2. Size optimization

I reduced my package size from 3.2MB to 89KB by:

  • Compressing text fixtures (gzip)
  • Using minimal representative samples (not full datasets)
  • Removing duplicate test data
  • Generating synthetic data where possible
# Instead of 100 sample configs, use 5 representative ones
# and generate variations programmatically
@pytest.fixture
def nginx_configs():
"""Generate nginx config variations"""
base_config = load_fixture("nginx_base.conf")
for workers in [1, 2, 4, 8]:
yield base_config.replace("worker_processes 4",
f"worker_processes {workers}")

3. Documentation is mandatory

Your README should explain:

## Test Data
This package includes test fixtures for validation:
- Total size: ~89KB
- Purpose: Testing real-world config parsing
- Source: Publicly available sample files
- Installation: Use `pip install mypackage[test]` for development
To run tests: `pytest`

In CONTRIBUTING.md:

## Test Data Conventions
- Keep fixtures under 100KB total
- Use professional naming (sample_*, not domain names)
- Document source in file comments
- Prefer synthetic data over real files

4. Separate test extras

Don’t force test data on end users:

Terminal window
# End users (no test data)
pip install mypackage
# Developers/contributors (includes test data)
pip install mypackage[test]

Configure in pyproject.toml:

[project.optional-dependencies]
test = [
"pytest>=7.0",
"pytest-cov>=4.0",
]

The Decision Framework

Here’s the checklist I use now:

Does test data exceed 100KB?
├─ Yes → Don't bundle (use download pattern or separate package)
└─ No → Continue
Are filenames professional?
├─ No → Rename before bundling
└─ Yes → Continue
Is it a library (not app)?
├─ Yes → Consider bundling
└─ No → Don't bundle
Does it test real-world formats?
├─ Yes → Bundle it (with professional naming)
└─ No → Generate synthetically

Alternative Approaches

1. Separate test data package

For large datasets (>1MB), create a companion package:

mypackage # Main library (50KB)
mypackage-testdata # Test fixtures (5MB)

Users:

Terminal window
pip install mypackage # For use
pip install mypackage[test] # For development (installs testdata)

This keeps the main package small while still providing convenient access.

2. pytest-datafiles plugin

Lazy-load test data:

tests/conftest.py
import pytest
from pytest_datafiles import Datafiles
@pytest.fixture
def test_data(datafiles):
"""Auto-downloaded test data from pytest-datafiles"""
return datafiles

Configure download URL in setup.cfg. Tests download data on first run.

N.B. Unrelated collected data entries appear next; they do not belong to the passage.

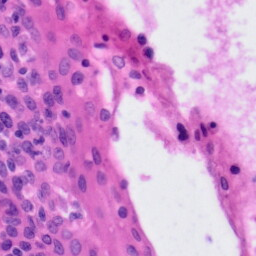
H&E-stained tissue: Tonsil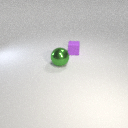
large green metal sphere in front of small purple rubber cube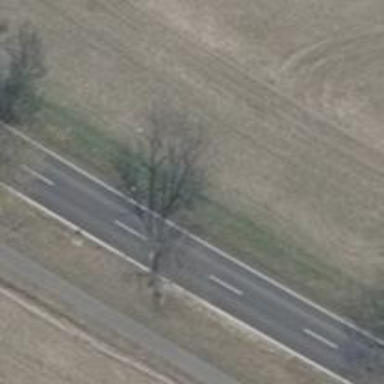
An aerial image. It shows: Asphalt road classified as primary highway.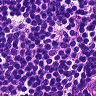
Metastatic tissue present: no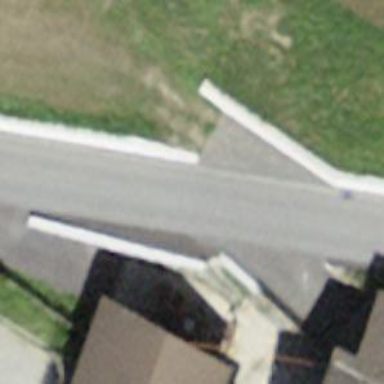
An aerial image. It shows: Bus stop along the road.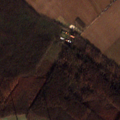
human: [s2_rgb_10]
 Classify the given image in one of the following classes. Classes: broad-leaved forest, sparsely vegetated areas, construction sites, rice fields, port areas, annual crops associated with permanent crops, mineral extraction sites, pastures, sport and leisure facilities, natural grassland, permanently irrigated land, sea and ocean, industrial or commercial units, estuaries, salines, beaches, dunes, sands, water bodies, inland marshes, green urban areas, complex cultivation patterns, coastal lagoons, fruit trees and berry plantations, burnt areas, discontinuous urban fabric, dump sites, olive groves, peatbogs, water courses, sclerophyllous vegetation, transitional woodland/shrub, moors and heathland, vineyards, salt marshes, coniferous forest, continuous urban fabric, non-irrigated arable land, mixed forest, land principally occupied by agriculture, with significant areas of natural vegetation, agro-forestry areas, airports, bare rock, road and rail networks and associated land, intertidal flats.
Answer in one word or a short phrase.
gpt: non-irrigated arable land, broad-leaved forest, transitional woodland/shrub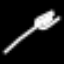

3. Git LFS for large files

Store test data in Git LFS:

Terminal window
git lfs track "tests/corpora/*.json"
git add .gitattributes

Contributors run git lfs pull to get test data. Not included in PyPI wheels.

Trade-off: More complex contributor setup.

What I Do Now

After the “Porn in Conda” incident, I changed my approach:

For small libraries (< 100KB) test data):

  • Bundle professionally named fixtures
  • Use package_data in pyproject.toml
  • Document in README
  • Provide [test] extras

For larger libraries:

  • Use pytest-datafiles for download-on-demand
  • Or create separate testdata package
  • Keep main package lean

For all projects:

  • Audit test file names
  • Add source attribution in comments
  • Document test data decisions
  • Use synthetic data where possible

The Bottom Line

Should test data be bundled in Python packages?

Answer: It depends.

Small, professionally named test data that validates real-world format parsing? Yes, bundle it.

Large datasets, inappropriate filenames, or end-user applications? No, use alternatives.

The key is balancing developer convenience with professional standards. The www.youporn.com test fixture taught me that technical correctness isn’t enough. You need to consider how your choices appear in corporate environments, security scans, and HR audits.

Name your files professionally. Document your decisions. Keep packages small.

And maybe don’t use porn site URLs as test fixtures.

Final Words + More Resources

My intention with this article was to help others share my knowledge and experience. If you want to contact me, you can contact by email: Email me

Here are also the most important links from this article along with some further resources that will help you in this scope:

Oh, and if you found these resources useful, don’t forget to support me by starring the repo on GitHub!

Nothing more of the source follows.